Is my parenting laid-back, or just lazy?

A scene.

Mother enters pre-k classroom. She walks up to the teacher.

Mother: So, how was Child today? Did she drink enough water? Did she draw any new pictures? She’s been having the sniffles lately. I think she might be getting sick. I’ll probably keep her home from school tomorrow. Just in case. Child! Come on honey, let’s go home where I’ll cook you a wholesome and nutritious meal made entirely from items grown in the garden in our backyard. Then we’ll have lots of fun cleaning your room and bleaching every surface in the house to get rid of all the bad germs.

Mother clutches small girl’s hand as they exit the classroom.

This scene may have been exaggerated for narrative purposes.

Another scene.

Mother: We’re giving our child peanut butter for the first time ever. Let’s watch her carefully, just in case she has an allergic reaction.

Another scene.

Mother: Child! Go clean up your room right now. It’s a disaster. Look! There’s a toy on the floor, and one of your books is not on the bookshelf.

End scenes.

I am none of these mothers.

When I pick T up from school, I sit and talk with his teacher. Not about his schooling. Usually it’s not about T at all. We talk about how the kids are slowing driving her insane, about how I’m not sleeping at night, about…stuff.

T has no allergies (so far). I was really bad when he was younger. I gave him peanuts before the recommended age. I’ve never had to deal with serious food allergies in my life, so I don’t have that background. I didn’t really think anything of it. I’m only just now seeing, through the eyes of other bloggers, how serious of an issue it really is.

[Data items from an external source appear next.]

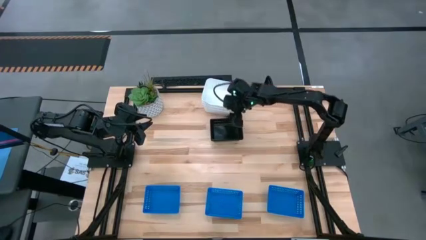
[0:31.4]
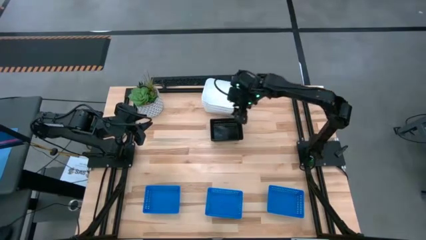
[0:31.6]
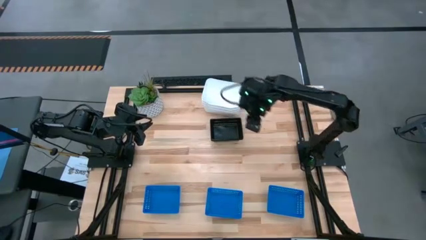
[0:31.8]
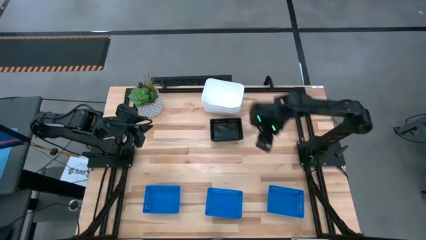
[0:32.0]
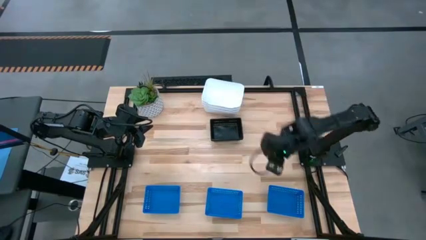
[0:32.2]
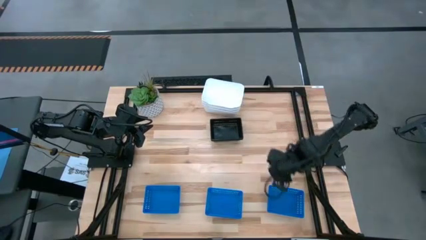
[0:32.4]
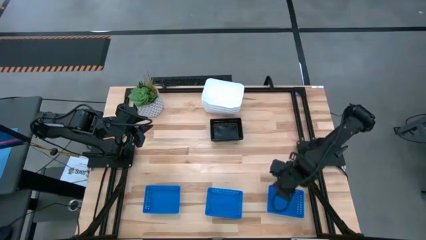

I don’t really make T clean his room very often. There are pretty much always toys on the floor in his room. When I was a kid, I had to keep my room clean all the time. I didn’t understand it. That room is T’s space. He can do what he wants (within reason) with that space. We have an agreement. The doorway must be kept clear, and there must be enough space for me to walk to his closet. If the mess gets really bad (as in, can’t see the floor), then he cleans it up. Sometimes without me saying anything.

T doesn’t have a bedtime. He goes to bed between 8:30 and 9:30 every night, but it just depends on when I feel like going through the steps to get him ready for bed. And on weekends? Sometimes he’s up until 10:30. Again, it depends on if I feel like getting him ready for bed, if I’m up for the fight, and whether I’m planning on going to bed at the same time as him or not.

Like tonight? He went to bed closer to 8:30 because I knew I wanted the time to get some writing done. And if he goes to bed a little earlier, then I don’t have to stay up quite so late to get my writing done. But last night he went to bed after 9:30 because he was quietly playing with his toys while I got some reading done. It was all very peaceful, and I really didn’t want to break that peace.

I prefer to think that my approach to parenting is laid-back. But sometimes those raging insecurities tell me that it’s actually laziness that makes me the way I am. I’m often too lazy to put T to bed, so I let him play until he’s exhausted and will fall asleep quicker. I’m too lazy to plan out weekly meals that are high in nutritional content, all organic, and balanced between the important food groups. I cook a lot of pasta, because it’s easy. I steam broccoli because it requires pretty much zero effort (and I actually have a kid who is very fond of vegetables). I throw nuggets or corn dogs in the oven because it doesn’t require me to actually do anything. I can toss them in the oven and either go play with T while it bakes, or I sit and do a little bit of reading.

I really am okay with the way I parent. We have rules in our house. I talk to T about appropriate behavior, and we often have discussions about why we have certain rules. Even though I have uttered the words, “because I said so”, we really don’t have any rules for that reasoning. Every rule has a reason, and we discuss what that reason is. I refuse to have rules “just because.” I don’t do things just because that’s how my parents did them.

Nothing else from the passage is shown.